I lift my glass to take a sip, to keep my body busy, but my glass is empty and so I am, somehow, left watching him. Staring really.

Those hands, they touched me.

Those lips, they kissed me.

And his grin, the ease of it, the…charm of it makes my whole body clench like it wishes it could hold onto him.

Charming men are not my style. They don’t like women like me, rough and blunt. We don’t fit.

Though we did fit pretty well tonight.

“I’m sorry to interrupt, I was just…well, I was looking for a drink.” He gestures aimlessly at the bottle on the counter between us. “I thought the bar might still be open.”

“Bar closes at midnight,” Megan says. A time we’d argued over at some length.

“I didn’t realize it is so late.”

I don’t even know what time it is and the sight of 12:30 on my watch makes me start. I need to go home and get some sleep if I’m going to be back in time for the breakfast service. I’ve been up since before dawn for what seems like years.

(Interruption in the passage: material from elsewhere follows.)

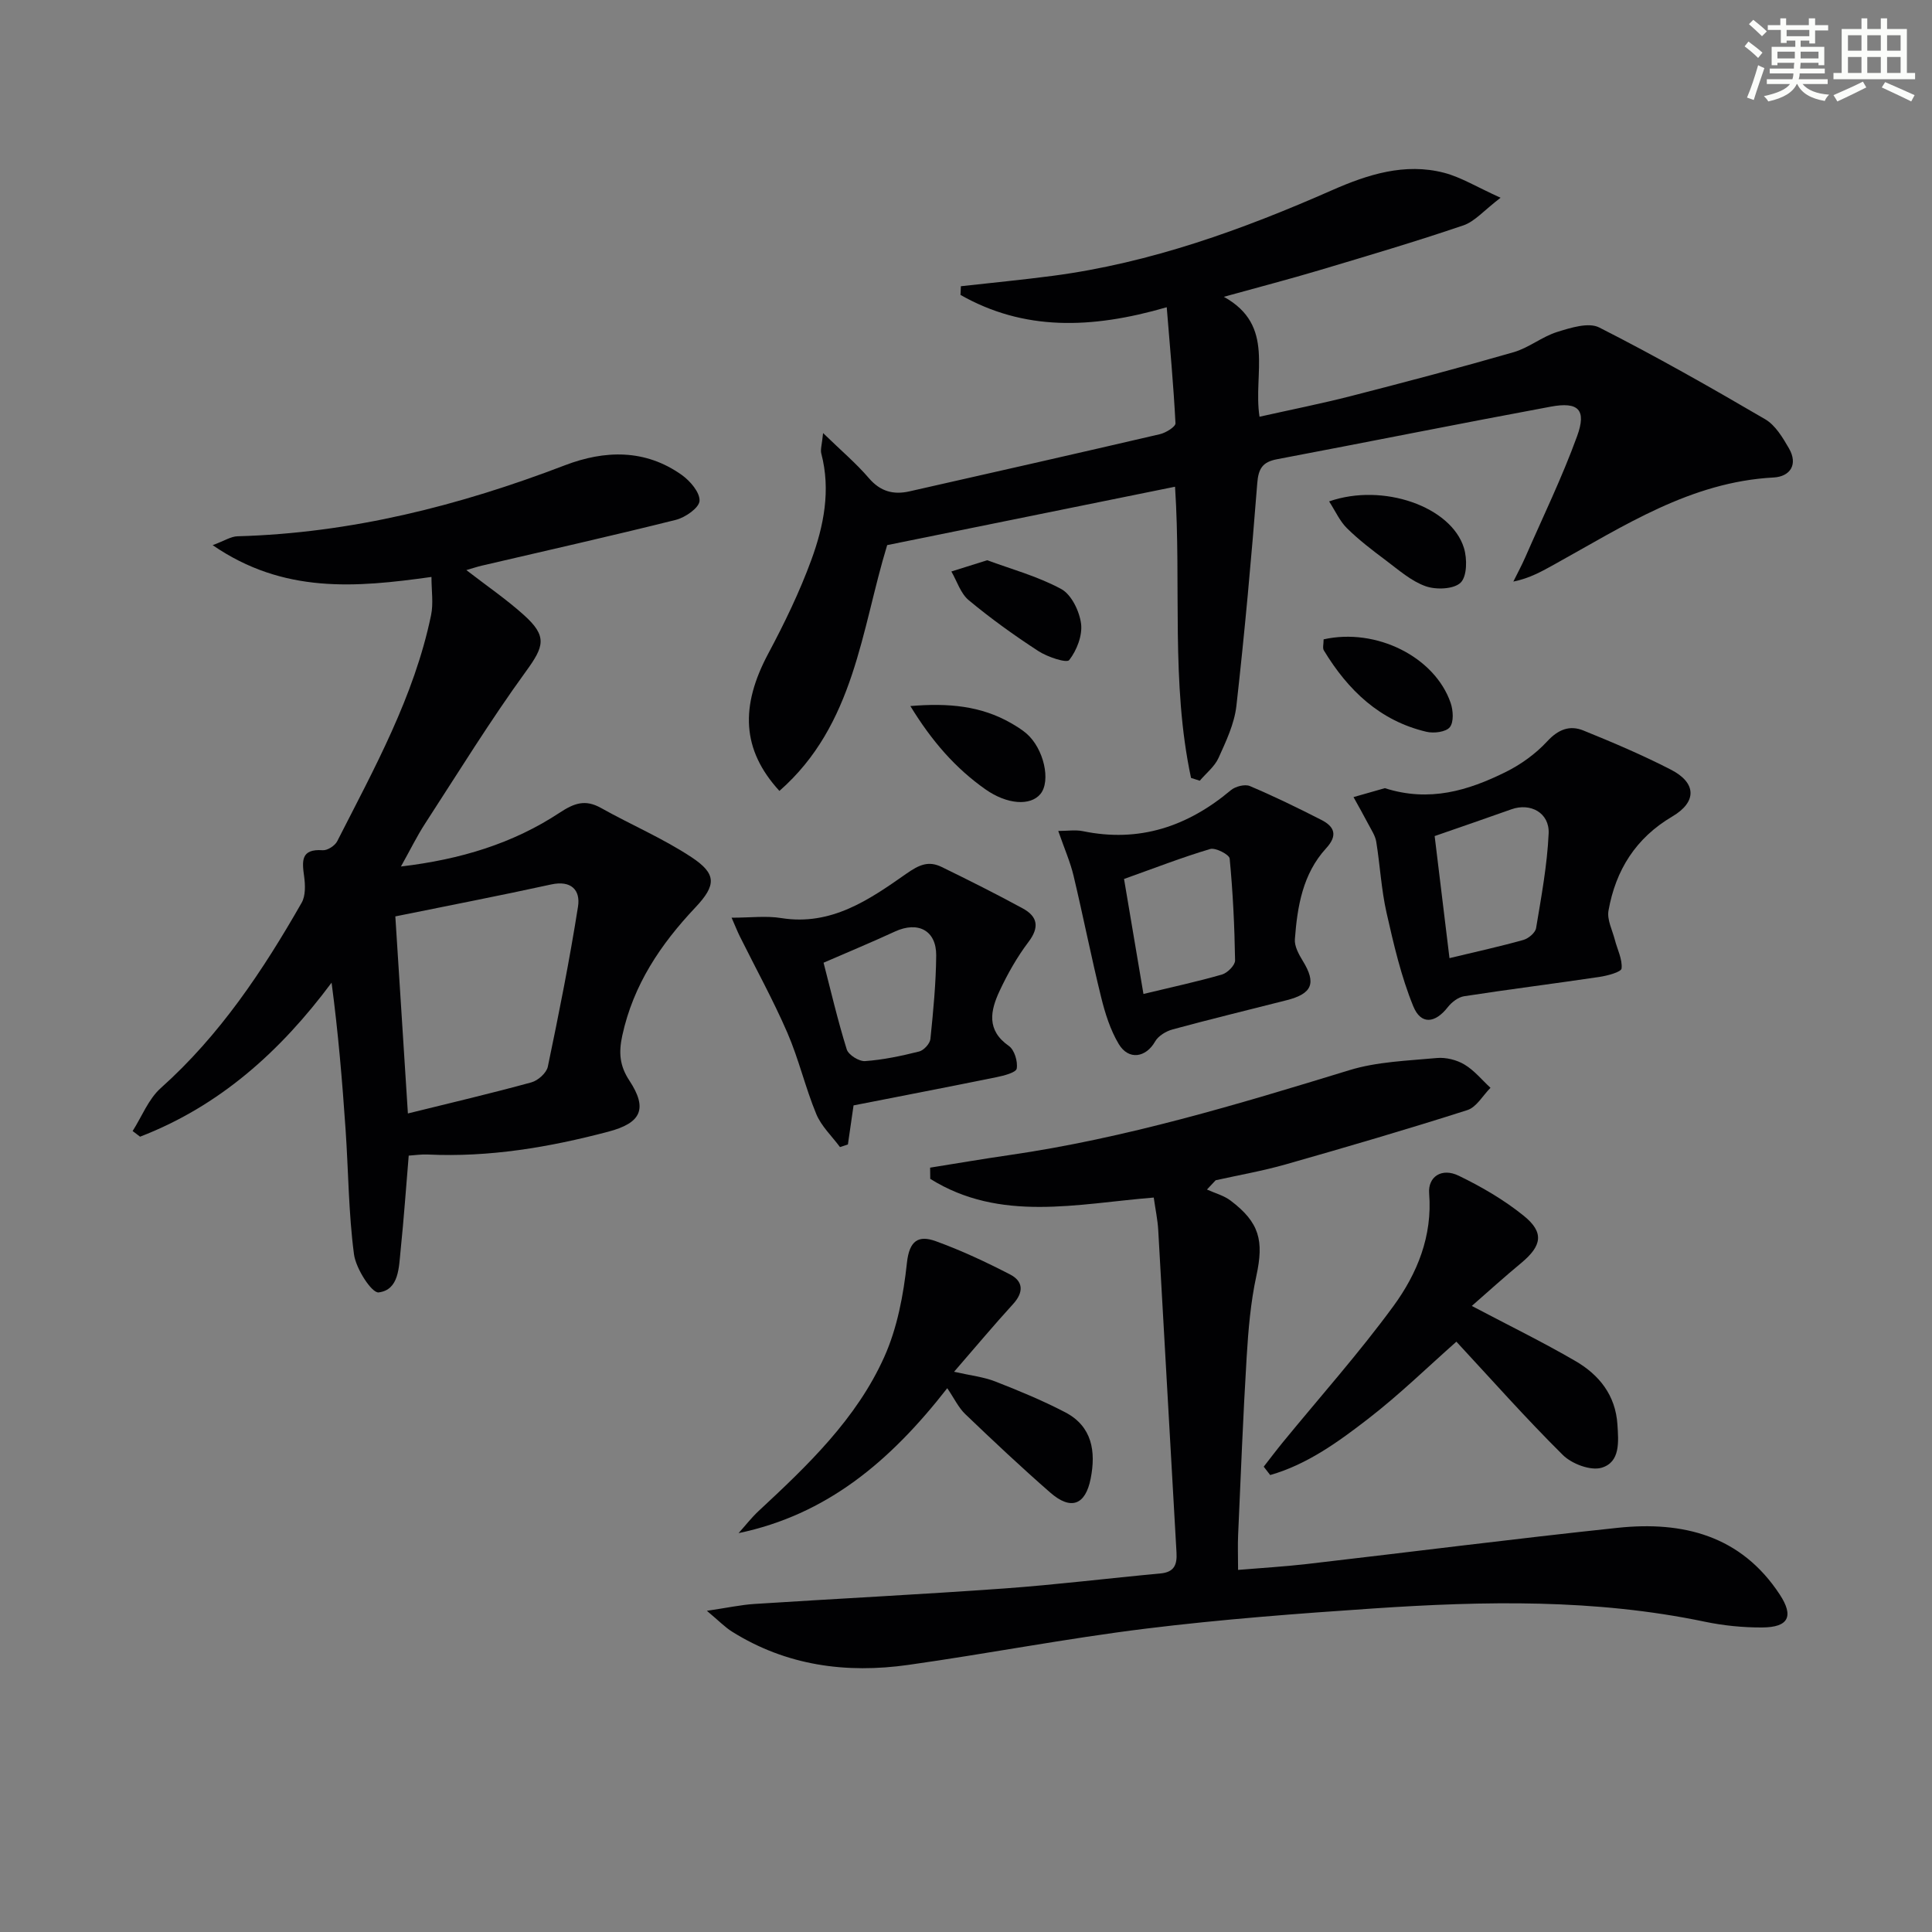 <svg enable-background="new 0 0 400 400" viewBox="0 0 400 400" xmlns="http://www.w3.org/2000/svg"><rect x="0" y="0" width="400" height="400" fill="#808080" stroke="none"/><g fill="#010103"><path d="m246.59 161.06c-4.21-19.71-1.98-39.88-3.31-60.29-20.03 4.06-39.78 8.07-59.6 12.09-5.37 17.54-6.72 37.23-22.31 50.89-7.83-8.54-8.13-17.54-2.3-28.45 3.35-6.28 6.48-12.74 8.92-19.41 2.57-7.03 4.04-14.4 2.05-21.99-.22-.84.14-1.83.37-4.24 3.74 3.64 6.86 6.27 9.48 9.33 2.38 2.78 5.09 3.49 8.41 2.74 17.29-3.91 34.59-7.82 51.86-11.84 1.23-.29 3.25-1.54 3.21-2.26-.4-7.83-1.13-15.63-1.81-24.02-15.74 4.57-29.65 4.86-42.7-2.55.03-.6.05-1.2.08-1.8 6.34-.71 12.69-1.32 19.01-2.15 20.27-2.67 39.26-9.55 57.86-17.74 7.33-3.23 15.03-5.71 23.16-3.6 3.53.92 6.78 2.95 11.71 5.17-3.46 2.64-5.34 4.92-7.72 5.73-9.87 3.35-19.87 6.31-29.85 9.29-6.19 1.85-12.44 3.47-19.73 5.49 10.78 5.96 6 15.85 7.39 24.83 6.51-1.46 12.81-2.71 19.01-4.3 11.24-2.89 22.47-5.85 33.63-9.07 3.13-.91 5.85-3.2 8.98-4.18 2.79-.87 6.5-2.05 8.71-.93 11.67 5.92 23.06 12.39 34.36 19 2.11 1.23 3.63 3.79 4.92 6.02 1.95 3.37.23 5.86-3.18 6.04-17.21.92-31.05 10.07-45.41 18.01-2.55 1.41-5.09 2.86-8.47 3.54.83-1.68 1.72-3.32 2.47-5.03 3.64-8.33 7.63-16.54 10.73-25.07 2-5.49.28-7.19-5.49-6.11-18.9 3.51-37.75 7.3-56.64 10.88-2.99.57-3.85 1.92-4.09 4.98-1.2 15.39-2.59 30.77-4.32 46.11-.42 3.69-2.14 7.31-3.7 10.76-.81 1.79-2.56 3.15-3.88 4.71-.61-.2-1.21-.39-1.81-.58z"/><path d="m89.33 119.45c-15.68 2.2-30.64 3.51-45.3-6.58 2.44-.9 3.78-1.81 5.15-1.84 23.53-.65 45.92-6.33 67.78-14.7 8.23-3.15 16.62-3.39 24.2 2.01 1.74 1.24 3.78 3.63 3.67 5.37-.09 1.44-2.95 3.43-4.9 3.92-13.34 3.34-26.77 6.35-40.17 9.48-.94.22-1.86.53-3.21.92 4.24 3.28 8.3 6.05 11.92 9.31 4.91 4.41 4.17 6.51.41 11.68-7.38 10.17-13.99 20.9-20.84 31.45-1.7 2.61-3.07 5.43-5.03 8.93 12.36-1.46 23.2-4.77 32.86-11.14 3.03-2 5.32-2.8 8.56-.98 6.19 3.47 12.8 6.28 18.7 10.17 5.27 3.47 5.2 5.81.82 10.45-7.2 7.63-12.83 16-15.11 26.49-.77 3.54-.56 6.25 1.46 9.32 3.87 5.88 2.43 8.8-4.35 10.59-12.27 3.24-24.66 5.33-37.4 4.73-1.29-.06-2.59.14-3.93.23-.56 6.69-1.01 13.11-1.67 19.52-.37 3.57-.31 8.27-4.55 8.8-1.43.18-4.72-4.93-5.11-7.89-1.13-8.53-1.15-17.21-1.74-25.82-.69-10.06-1.53-20.11-2.9-30.42-10.62 14.27-23.21 25.55-39.65 31.89-.51-.39-1.03-.78-1.54-1.17 1.91-3 3.27-6.61 5.82-8.89 12.23-10.93 21.14-24.31 29.17-38.37.83-1.45.76-3.66.52-5.43-.44-3.2-.73-5.77 3.85-5.45.97.07 2.52-.93 2.99-1.85 7.68-15.09 15.94-29.97 19.43-46.78.52-2.45.09-5.08.09-7.95zm-7.48 70.28c.86 13.41 1.71 26.85 2.6 40.8 8.95-2.21 17.3-4.17 25.57-6.44 1.37-.37 3.13-1.95 3.4-3.24 2.3-11 4.5-22.04 6.25-33.14.54-3.41-1.4-5.51-5.57-4.59-10.64 2.33-21.33 4.39-32.25 6.61z"/><path d="m192.57 241.75c5.46-.87 10.92-1.81 16.39-2.6 24.07-3.49 47.24-10.48 70.41-17.58 5.76-1.77 12.04-1.95 18.11-2.52 1.87-.17 4.1.38 5.72 1.35 2.03 1.21 3.61 3.18 5.39 4.82-1.58 1.58-2.89 4-4.78 4.61-12.45 3.98-25 7.65-37.57 11.23-4.77 1.36-9.69 2.22-14.55 3.3-.6.64-1.2 1.28-1.8 1.92 1.64.75 3.49 1.23 4.89 2.29 6.02 4.55 6.91 8.32 5.34 15.57-1.19 5.48-1.67 11.16-2.01 16.78-.75 12.28-1.22 24.57-1.77 36.86-.1 2.14-.01 4.29-.01 7.25 4.88-.41 9.59-.68 14.27-1.22 21.44-2.48 42.86-5.22 64.32-7.49 13.5-1.43 25.54 1.58 33.56 13.81 2.95 4.5 1.84 6.79-3.63 6.82-3.96.02-8-.38-11.88-1.19-22.71-4.75-45.63-4.29-68.56-2.75-15.74 1.06-31.5 2.25-47.16 4.18-16.45 2.03-32.77 5.19-49.19 7.51-12.85 1.82-25.22.17-36.47-6.87-1.48-.92-2.72-2.22-5.24-4.33 4.23-.62 7.04-1.24 9.87-1.42 17.25-1.11 34.53-1.97 51.77-3.21 10.77-.78 21.5-2.11 32.25-3.1 2.89-.27 3.49-1.81 3.34-4.37-1.29-22.24-2.5-44.48-3.78-66.72-.12-2.12-.57-4.22-.93-6.74-15.84 1.28-31.78 5.18-46.27-3.87 0-.8-.02-1.56-.03-2.32z"/><path d="m286.72 163.18c9.24 2.96 17.28.48 24.95-3.31 3.19-1.57 6.27-3.79 8.67-6.39 2.29-2.48 4.67-3.38 7.48-2.24 6.14 2.49 12.26 5.09 18.14 8.12 5.28 2.71 5.41 6.66.28 9.68-7.59 4.47-11.73 11.12-13.22 19.5-.33 1.87.79 4.01 1.31 6.01.51 2.01 1.59 4.04 1.4 5.96-.07.74-2.92 1.5-4.58 1.75-9.33 1.39-18.69 2.56-28.02 4-1.23.19-2.57 1.23-3.37 2.25-2.61 3.35-5.56 3.74-7.16-.18-2.52-6.18-4.05-12.81-5.53-19.35-1.09-4.81-1.34-9.81-2.13-14.69-.2-1.26-1-2.43-1.61-3.6-1-1.91-2.06-3.78-3.1-5.66 2.29-.65 4.57-1.3 6.49-1.85zm10.31 9.92c1 8.21 2.02 16.6 3.07 25.27 5.7-1.37 10.55-2.43 15.31-3.77 1.05-.3 2.46-1.48 2.62-2.44 1.08-6.5 2.3-13.03 2.6-19.59.2-4.29-3.76-6.41-7.69-5.02-5.08 1.81-10.18 3.56-15.91 5.55z"/><path d="m176.72 228.86c-.44 3.06-.8 5.57-1.17 8.09-.55.18-1.09.36-1.64.54-1.67-2.26-3.86-4.31-4.91-6.84-2.27-5.49-3.62-11.37-5.98-16.82-2.95-6.81-6.56-13.34-9.86-19.99-.49-.99-.89-2.02-1.69-3.84 3.87 0 7.16-.43 10.3.08 10.33 1.65 18.21-3.81 25.82-9.15 2.76-1.94 4.68-2.76 7.42-1.41 5.64 2.76 11.27 5.57 16.78 8.58 3.05 1.67 3.45 3.89 1.14 6.93-2.36 3.12-4.33 6.61-5.99 10.16-1.88 4.04-2.76 8.09 1.93 11.36 1.16.81 1.88 3.22 1.63 4.69-.14.82-2.66 1.47-4.19 1.78-9.87 2.01-19.77 3.91-29.59 5.84zm-6.21-29.54c1.45 5.59 2.9 11.84 4.8 17.95.36 1.14 2.55 2.51 3.8 2.42 3.77-.27 7.52-1.07 11.19-1.99.96-.24 2.23-1.62 2.33-2.58.59-5.75 1.15-11.53 1.2-17.3.04-5.19-3.76-7.15-8.53-4.96-4.75 2.19-9.58 4.2-14.79 6.46z"/><path d="m304.72 270.38c7.54 3.98 14.63 7.44 21.44 11.4 4.92 2.85 8.32 7.08 8.71 13.14.23 3.56.63 7.8-3.28 8.96-2.27.67-6.17-.8-8.02-2.64-7.65-7.58-14.8-15.66-22.04-23.46-5.83 5.15-11.74 10.92-18.23 15.94-6.21 4.8-12.68 9.5-20.32 11.67-.45-.58-.89-1.15-1.34-1.73 1.32-1.69 2.62-3.42 3.98-5.08 7.67-9.37 15.75-18.43 22.89-28.19 4.91-6.72 8.08-14.47 7.38-23.29-.28-3.48 2.6-5.39 6.12-3.68 4.73 2.29 9.39 5 13.47 8.3 4.26 3.44 3.75 6.19-.47 9.72-3.53 2.92-6.92 5.99-10.29 8.94z"/><path d="m219.1 172.04c1.9 0 3.55-.27 5.08.04 11.7 2.42 21.7-.96 30.66-8.48.93-.78 2.89-1.29 3.92-.86 5.03 2.13 9.95 4.53 14.81 7.01 2.75 1.4 3.43 3.22.99 5.88-4.84 5.28-5.96 12.02-6.47 18.83-.11 1.44.8 3.11 1.62 4.45 2.85 4.63 2.02 6.82-3.35 8.18-7.86 2-15.74 3.91-23.56 6.03-1.37.37-2.98 1.34-3.64 2.5-1.9 3.35-5.49 3.96-7.54.53-1.74-2.92-2.82-6.34-3.64-9.68-2.06-8.35-3.72-16.79-5.71-25.15-.67-2.82-1.86-5.52-3.17-9.28zm17.64 33.75c6.09-1.47 11.23-2.57 16.27-4.03 1.13-.33 2.71-1.92 2.7-2.91-.11-7.04-.45-14.09-1.12-21.09-.08-.83-2.92-2.31-4.04-1.98-5.77 1.71-11.4 3.91-17.83 6.2 1.25 7.39 2.6 15.44 4.02 23.81z"/><path d="m196.12 287.41c-11.93 15.3-25.04 26.2-43.21 30.01 1.38-1.53 2.65-3.18 4.15-4.58 10.15-9.43 20.24-19.05 26-31.86 2.71-6.02 4-12.91 4.71-19.53.5-4.64 2.41-5.76 5.96-4.48 5.28 1.91 10.42 4.32 15.41 6.9 2.74 1.42 2.84 3.68.6 6.13-3.99 4.37-7.79 8.91-12.21 14.01 3.49.79 6.12 1.07 8.5 2 4.92 1.92 9.83 3.95 14.51 6.39 5.6 2.92 6.38 8.13 5.27 13.74-1.09 5.5-4.11 6.6-8.37 2.88-6.01-5.25-11.83-10.72-17.59-16.24-1.41-1.35-2.29-3.26-3.73-5.37z"/><path d="m275.18 103.81c11.2-3.9 25.28 1.1 27.91 9.63.69 2.23.66 5.88-.68 7.19-1.41 1.37-5.08 1.51-7.25.74-3-1.06-5.6-3.38-8.23-5.35-2.78-2.08-5.57-4.21-8.04-6.64-1.5-1.47-2.41-3.56-3.71-5.57z"/><path d="m204.39 115.99c4.76 1.77 10.35 3.28 15.31 5.95 2.12 1.14 3.78 4.58 4.12 7.17.32 2.45-.89 5.55-2.45 7.55-.53.68-4.52-.64-6.4-1.87-4.98-3.24-9.84-6.73-14.41-10.53-1.68-1.4-2.42-3.92-3.59-5.94 2.08-.65 4.16-1.3 7.42-2.33z"/><path d="m188.48 146.18c7.95-.67 14.6-.01 20.73 3.47 1.14.65 2.29 1.35 3.29 2.2 3.61 3.1 5.13 9.86 2.9 12.55-2.08 2.5-6.89 2.17-11.35-.96-6.28-4.41-11.17-10.06-15.57-17.26z"/><path d="m274.04 132.37c10.91-2.44 23.03 3.64 26.3 13.16.53 1.55.68 3.96-.17 5.03-.81 1-3.31 1.31-4.83.95-9.67-2.27-16.26-8.61-21.25-16.85-.3-.47-.05-1.28-.05-2.29z"/></g><path d="m361.2 9.6.8-1c.9.7 1.9 1.4 2.9 2.3l-.9 1.1c-1-1-2-1.8-2.8-2.4zm.5 10.6c.9-2.1 1.6-4.3 2.3-6.7.4.2.8.4 1.3.6-.7 2.1-1.5 4.3-2.2 6.6zm.4-15.2.9-.9c1 .8 2 1.6 2.8 2.4l-1 1c-.9-.9-1.8-1.7-2.7-2.5zm12.5-1.2h1.2v1.4h2.7v1.1h-2.7v2.7h-1.2v-.6h-1.8v1.3h4.9v3.8h-1.2v-.5h-3.7c0 .4-.1.9-.1 1.2h5.1v1h-5.2c0 .5-.1.9-.2 1.2h6v1h-5.2c1.1 1.3 2.9 2 5.5 2.2-.4.4-.7.8-.9 1.3-2.9-.5-4.8-1.6-5.7-3.5h-.1c-.8 1.7-2.7 2.9-5.9 3.6-.2-.4-.6-.8-.9-1.1 2.8-.6 4.6-1.4 5.4-2.5h-4.8v-1h5.3c.1-.3.2-.7.2-1.2h-4.9v-1h5c0-.4 0-.8.1-1.2h-3.5v.5h-1.2v-3.8h4.9v-1.3h-1.8v.5h-1.2v-2.7h-2.7v-1h2.6v-1.4h1.2v1.4h4.7v-1.4zm-6.6 8.3h3.6c0-.4 0-.9 0-1.4h-3.6zm1.9-4.6h4.7v-1.3h-4.7zm6.6 3.2h-3.7v1.4h3.7z" fill="#fbfcfa"/><path d="m385.3 3.8h1.3v2.2h2.8v-2.2h1.3v2.2h4.1v9.1h1.7v1.3h-16.9v-1.3h1.7v-9.1h4.1v-2.2zm.4 13.1.7 1.2c-1.8.9-3.8 1.9-6 2.9-.2-.4-.5-.8-.8-1.3 2.3-1 4.3-1.9 6.1-2.8zm-3.1-6.4h2.8v-3.2h-2.8zm0 4.6h2.8v-3.3h-2.8zm4-4.6h2.8v-3.2h-2.8zm0 4.6h2.8v-3.3h-2.8zm3.7 1.9c2.1.9 4.1 1.8 6.1 2.7l-.7 1.3c-2.2-1.1-4.2-2-6.1-2.9zm3.2-9.7h-2.8v3.2h2.8zm-2.8 7.8h2.8v-3.3h-2.8z" fill="#fbfcfa"/></svg>

And dawn comes earlier every day.

But somehow…I don’t leave.

“You’re celebrating a successful night,” he says, his hands in his pockets. His hair flopped over his forehead.

So flirty that hair. It’s like he’s teasing me with it.

“We are,” Megan says and I expect her to say something polite but firm, sending Mr. Quadir, with the hands and the mouth and the knowledge of my clit and just how it likes to be touched, on his way.

But instead, to my shock, Megan says; “Join us.”